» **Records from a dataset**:

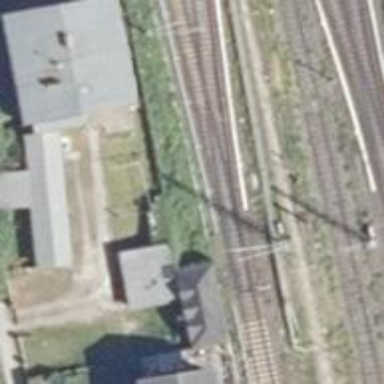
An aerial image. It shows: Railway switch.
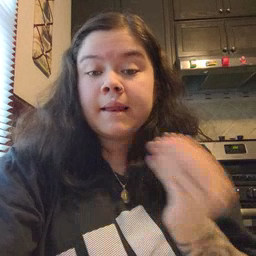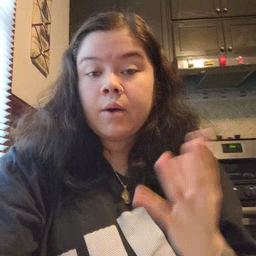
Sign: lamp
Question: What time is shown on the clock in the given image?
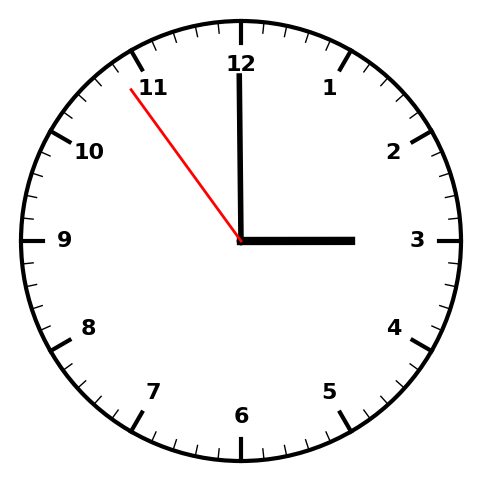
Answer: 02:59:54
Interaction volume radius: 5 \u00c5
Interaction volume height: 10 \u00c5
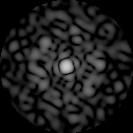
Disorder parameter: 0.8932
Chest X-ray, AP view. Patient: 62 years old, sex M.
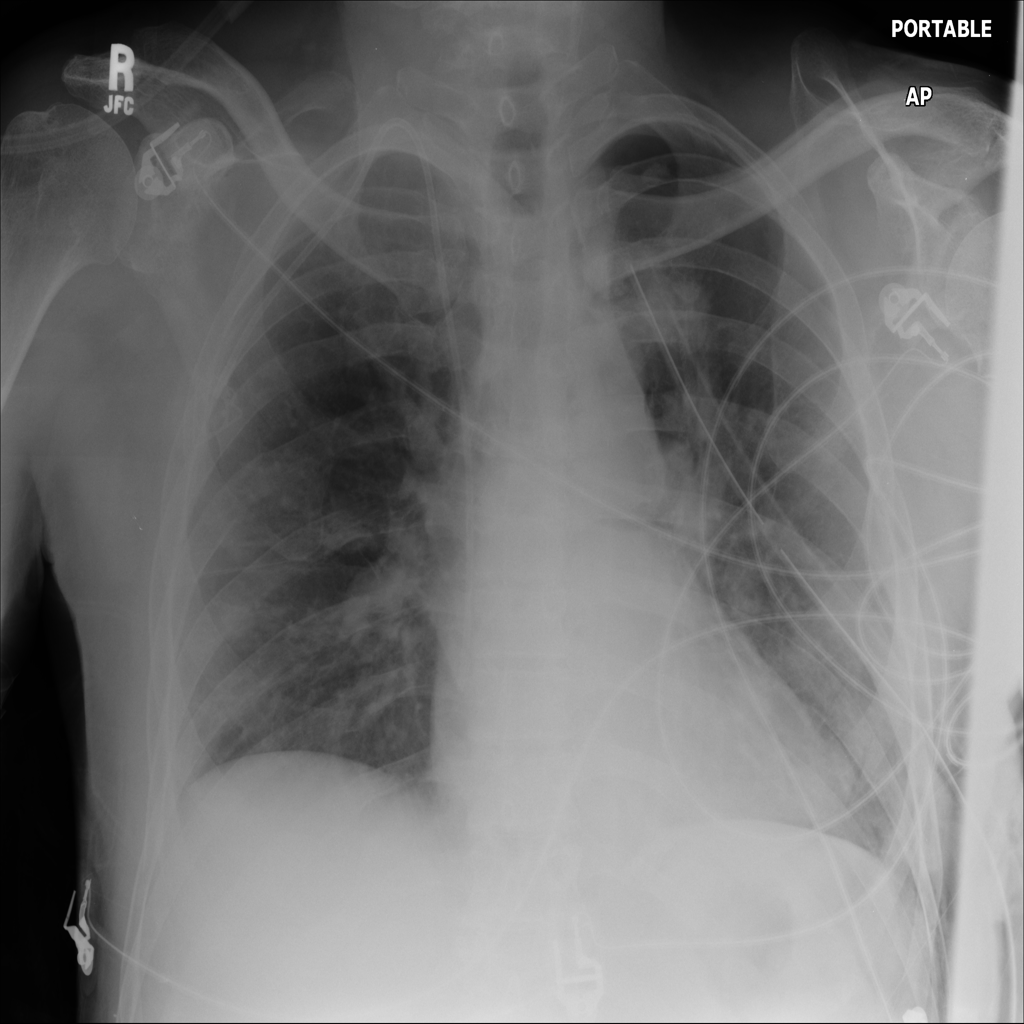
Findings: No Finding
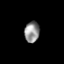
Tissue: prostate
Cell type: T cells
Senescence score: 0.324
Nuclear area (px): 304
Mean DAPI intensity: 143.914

» **Exercise requirements**:
For this exercise, return the records above in full and exactly, omitting the images.

» **Answer below**:
An aerial image. It shows: Railway switch.
Sign: lamp
Question: What time is shown on the clock in the given image?
Answer: 02:59:54
Interaction volume radius: 5 \u00c5
Interaction volume height: 10 \u00c5
Disorder parameter: 0.8932
Chest X-ray, AP view. Patient: 62 years old, sex M.
Findings: No Finding
Tissue: prostate
Cell type: T cells
Senescence score: 0.324
Nuclear area (px): 304
Mean DAPI intensity: 143.914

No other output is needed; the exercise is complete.